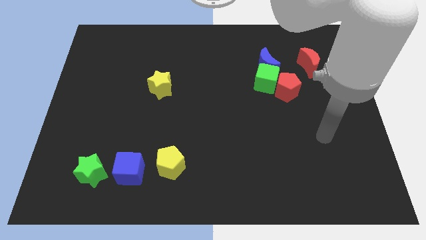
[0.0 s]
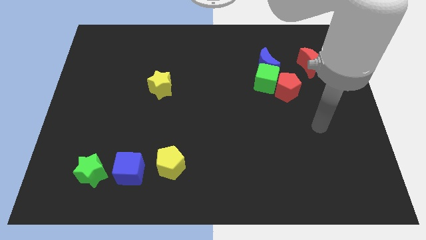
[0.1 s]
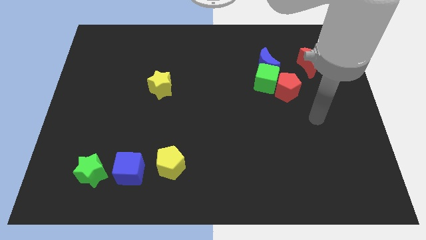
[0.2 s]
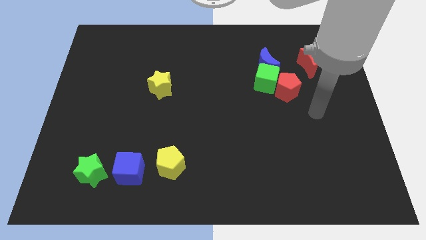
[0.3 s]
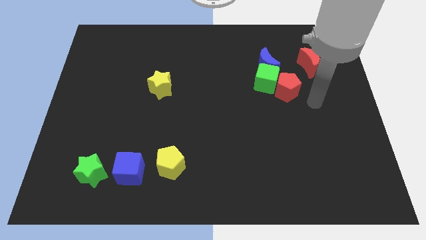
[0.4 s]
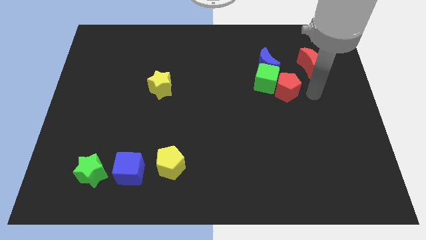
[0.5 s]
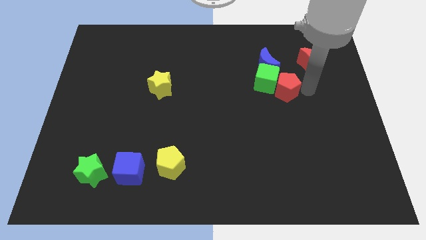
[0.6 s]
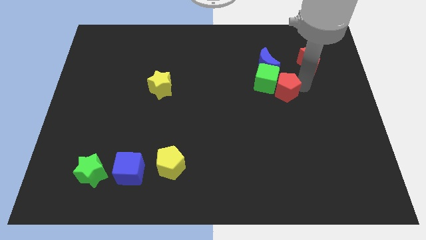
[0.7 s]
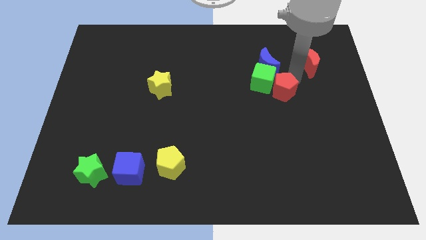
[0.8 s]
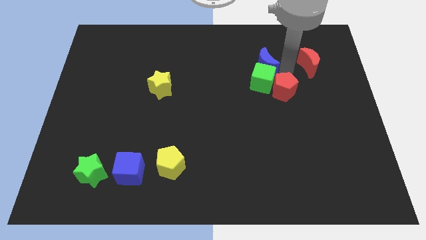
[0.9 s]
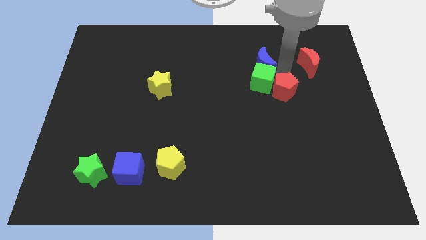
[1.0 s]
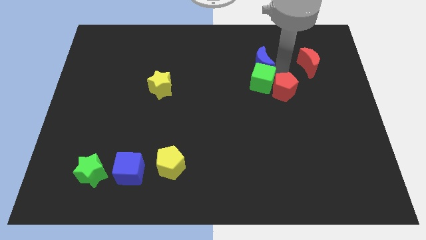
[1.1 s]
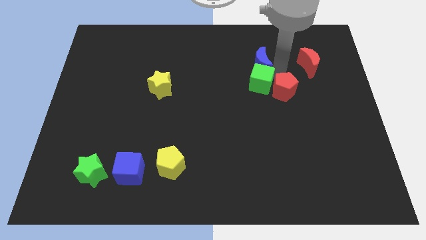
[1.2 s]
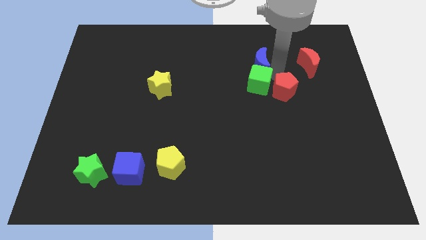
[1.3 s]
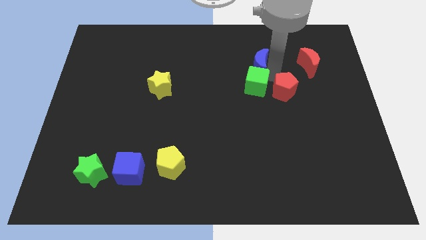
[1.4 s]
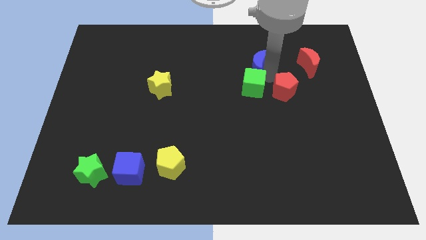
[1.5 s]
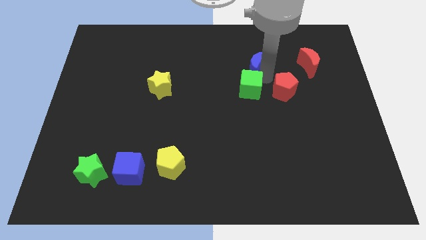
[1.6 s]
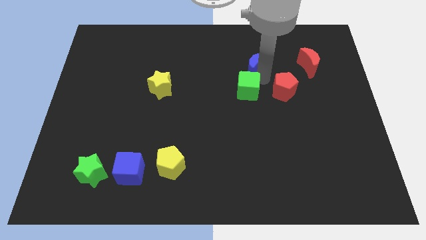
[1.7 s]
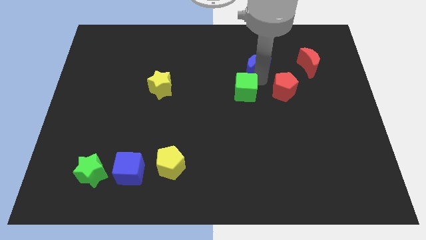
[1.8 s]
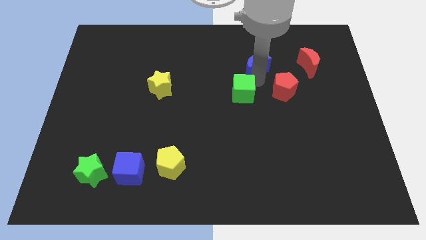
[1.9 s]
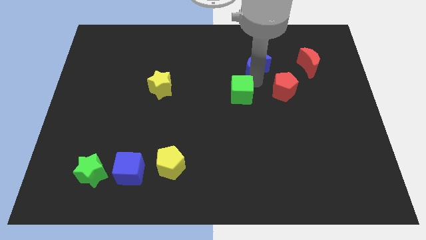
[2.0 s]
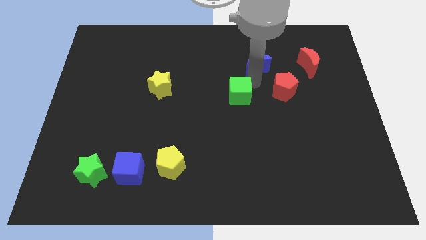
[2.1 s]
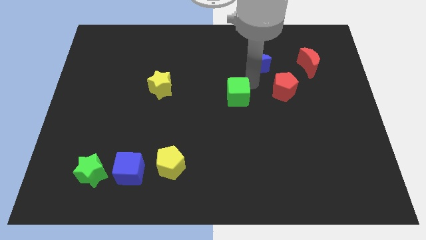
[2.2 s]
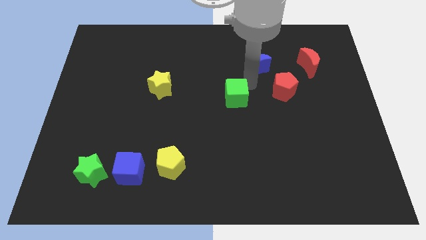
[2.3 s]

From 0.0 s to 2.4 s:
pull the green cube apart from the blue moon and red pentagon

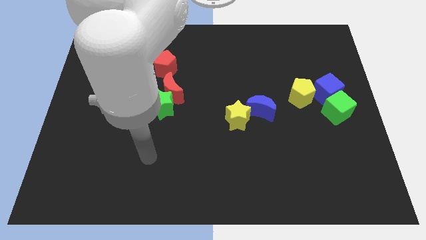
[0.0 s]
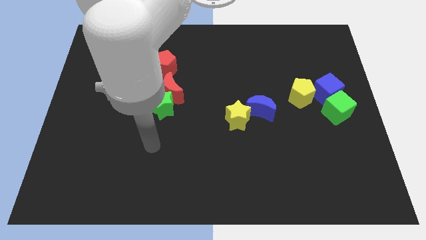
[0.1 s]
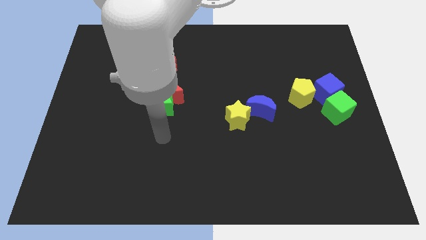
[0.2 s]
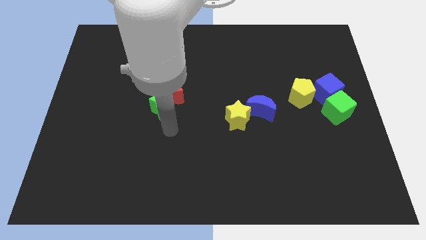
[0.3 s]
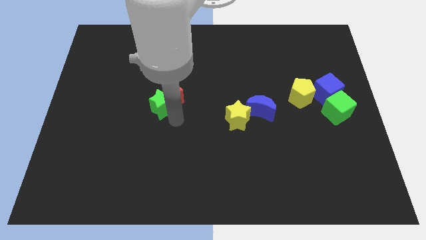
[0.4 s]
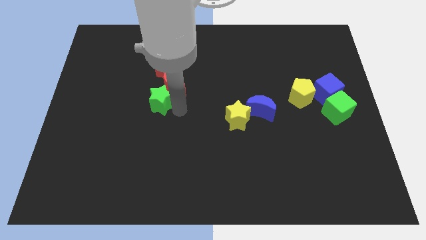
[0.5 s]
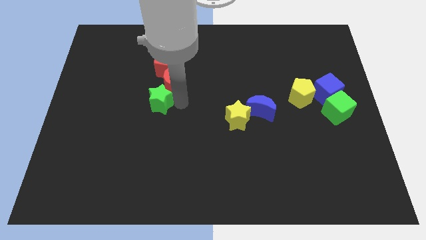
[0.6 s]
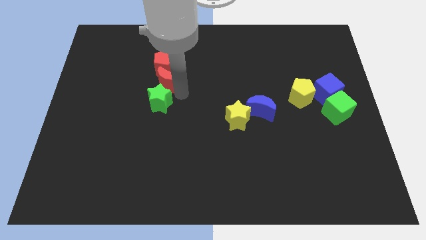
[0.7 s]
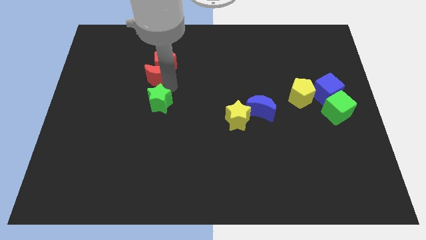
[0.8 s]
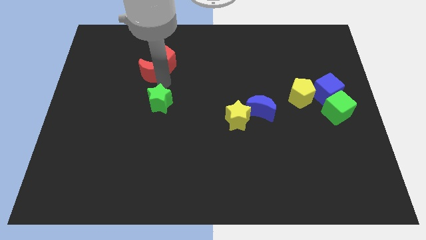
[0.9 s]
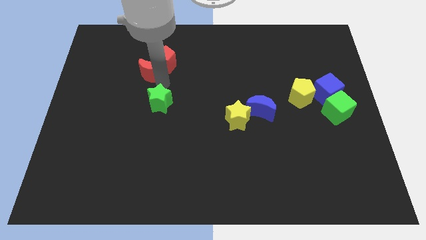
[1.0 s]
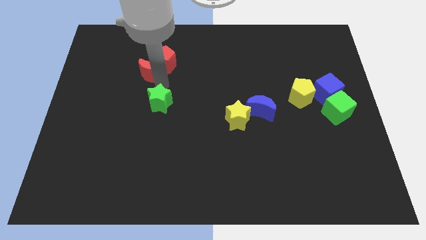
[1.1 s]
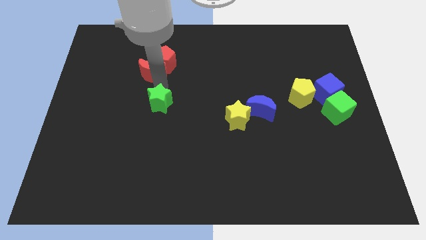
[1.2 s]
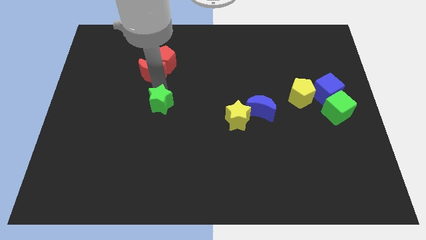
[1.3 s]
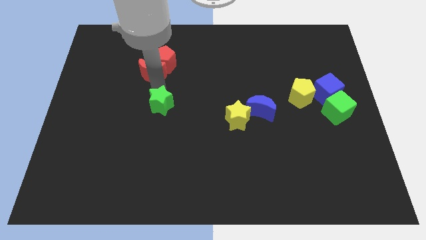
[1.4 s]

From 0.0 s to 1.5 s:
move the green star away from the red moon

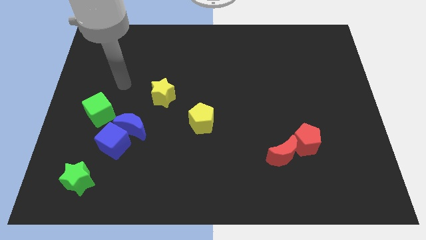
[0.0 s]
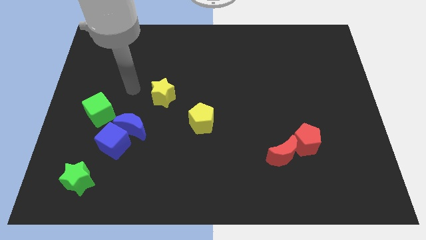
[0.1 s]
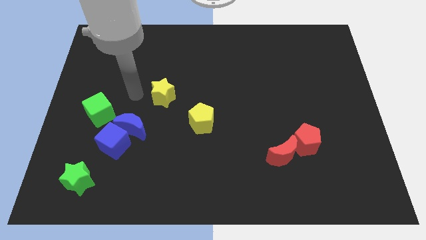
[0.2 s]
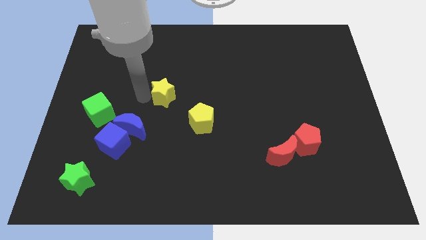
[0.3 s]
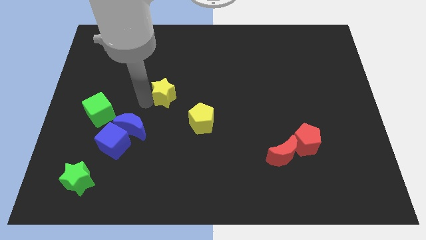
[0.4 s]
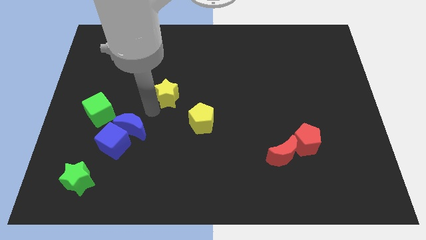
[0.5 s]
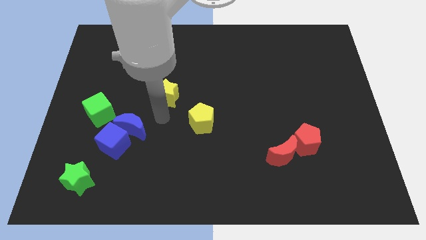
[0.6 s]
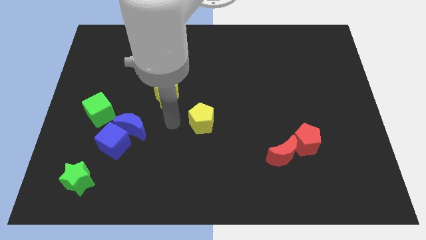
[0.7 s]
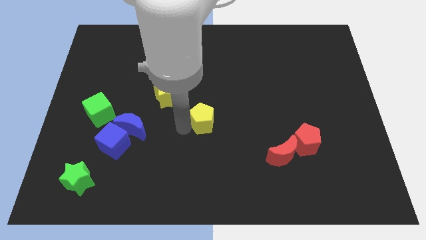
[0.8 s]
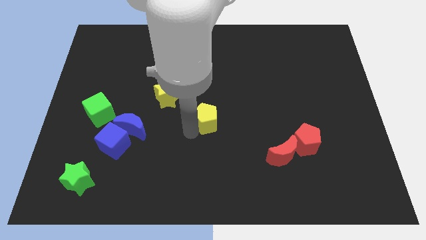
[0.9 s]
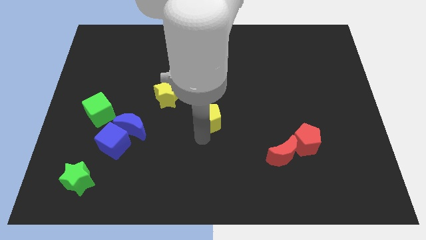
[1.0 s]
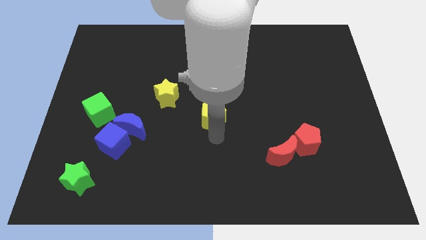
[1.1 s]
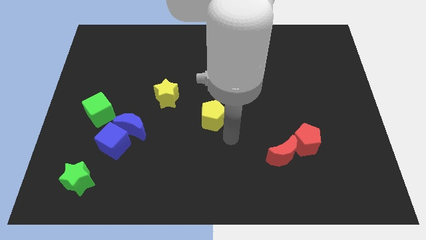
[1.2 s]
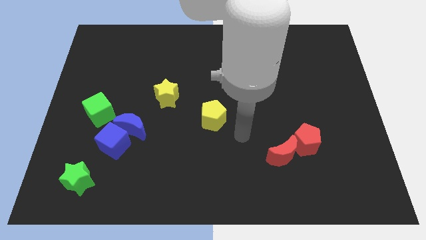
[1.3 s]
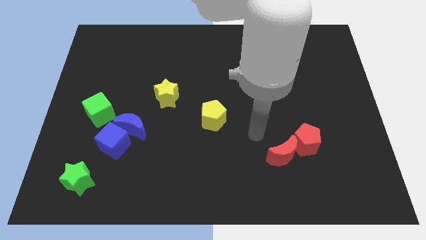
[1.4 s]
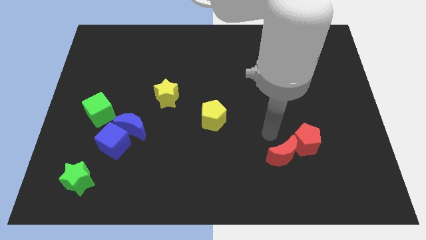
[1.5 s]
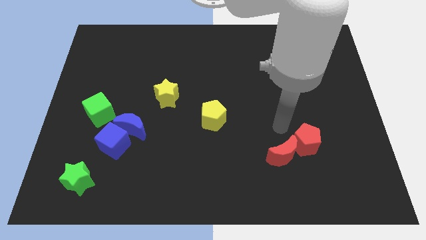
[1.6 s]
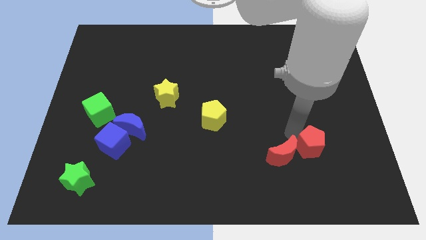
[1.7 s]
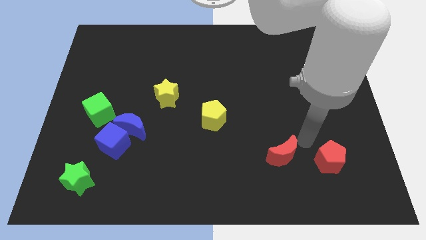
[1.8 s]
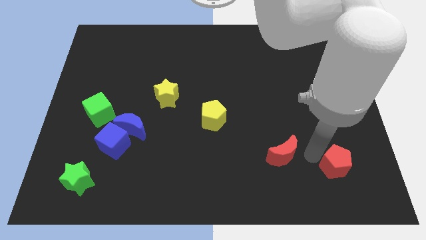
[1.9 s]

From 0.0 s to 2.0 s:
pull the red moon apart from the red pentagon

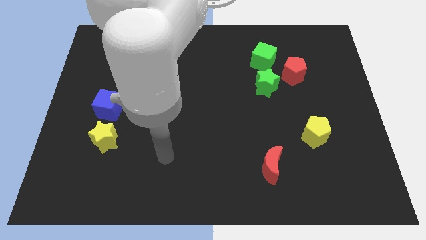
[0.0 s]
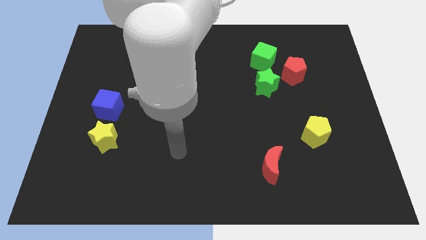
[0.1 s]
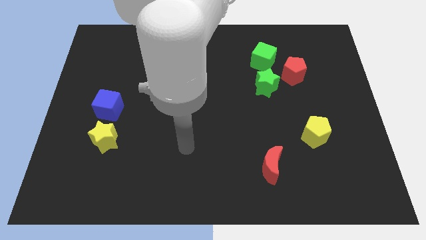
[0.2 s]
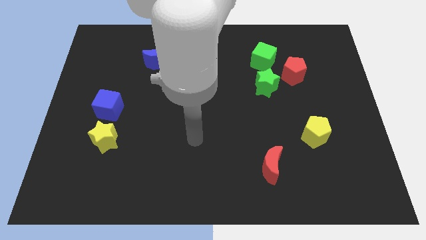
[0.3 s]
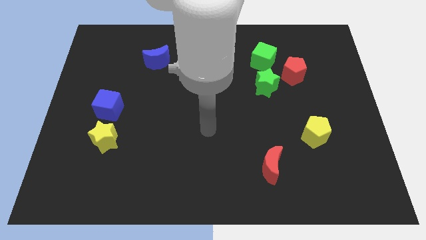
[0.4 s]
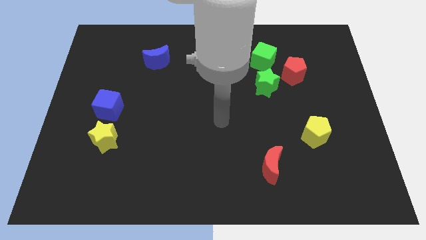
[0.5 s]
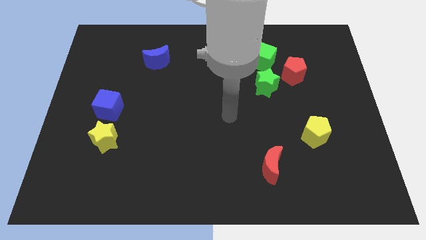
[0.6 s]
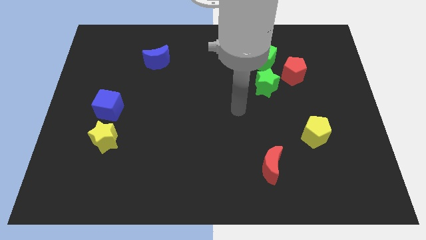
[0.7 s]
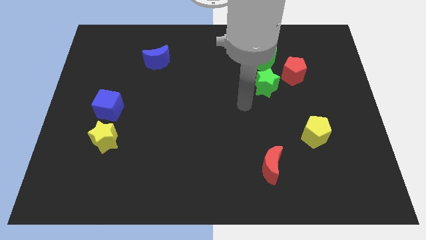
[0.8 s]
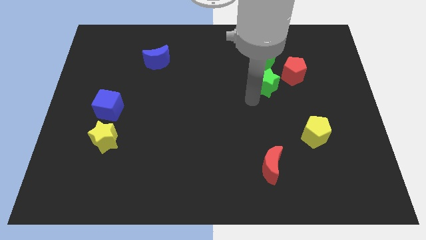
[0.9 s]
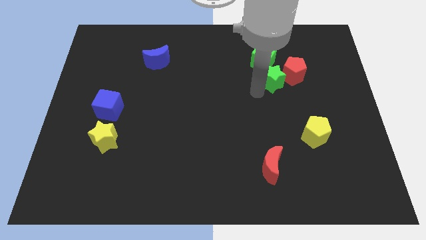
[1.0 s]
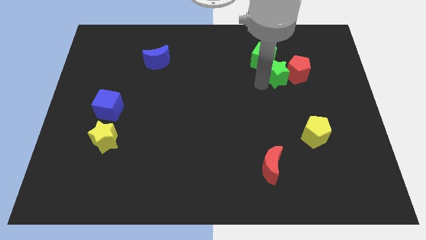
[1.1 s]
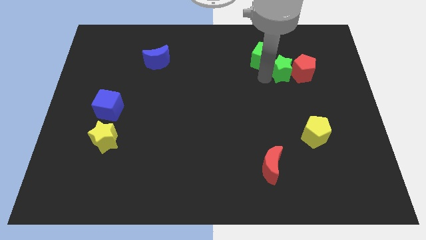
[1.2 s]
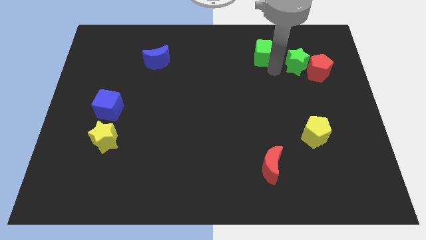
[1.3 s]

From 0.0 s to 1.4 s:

=======

**What the task requires:** Could you restate the material word for word, skipping any pictures it holds?

**Exercise response:**
[0.0 s]
[0.1 s]
[0.2 s]
[0.3 s]
[0.4 s]
[0.5 s]
[0.6 s]
[0.7 s]
[0.8 s]
[0.9 s]
[1.0 s]
[1.1 s]
[1.2 s]
[1.3 s]
[1.4 s]
[1.5 s]
[1.6 s]
[1.7 s]
[1.8 s]
[1.9 s]
[2.0 s]
[2.1 s]
[2.2 s]
[2.3 s]

From 0.0 s to 2.4 s:
pull the green cube apart from the blue moon and red pentagon

[0.0 s]
[0.1 s]
[0.2 s]
[0.3 s]
[0.4 s]
[0.5 s]
[0.6 s]
[0.7 s]
[0.8 s]
[0.9 s]
[1.0 s]
[1.1 s]
[1.2 s]
[1.3 s]
[1.4 s]

From 0.0 s to 1.5 s:
move the green star away from the red moon

[0.0 s]
[0.1 s]
[0.2 s]
[0.3 s]
[0.4 s]
[0.5 s]
[0.6 s]
[0.7 s]
[0.8 s]
[0.9 s]
[1.0 s]
[1.1 s]
[1.2 s]
[1.3 s]
[1.4 s]
[1.5 s]
[1.6 s]
[1.7 s]
[1.8 s]
[1.9 s]

From 0.0 s to 2.0 s:
pull the red moon apart from the red pentagon

[0.0 s]
[0.1 s]
[0.2 s]
[0.3 s]
[0.4 s]
[0.5 s]
[0.6 s]
[0.7 s]
[0.8 s]
[0.9 s]
[1.0 s]
[1.1 s]
[1.2 s]
[1.3 s]

From 0.0 s to 1.4 s:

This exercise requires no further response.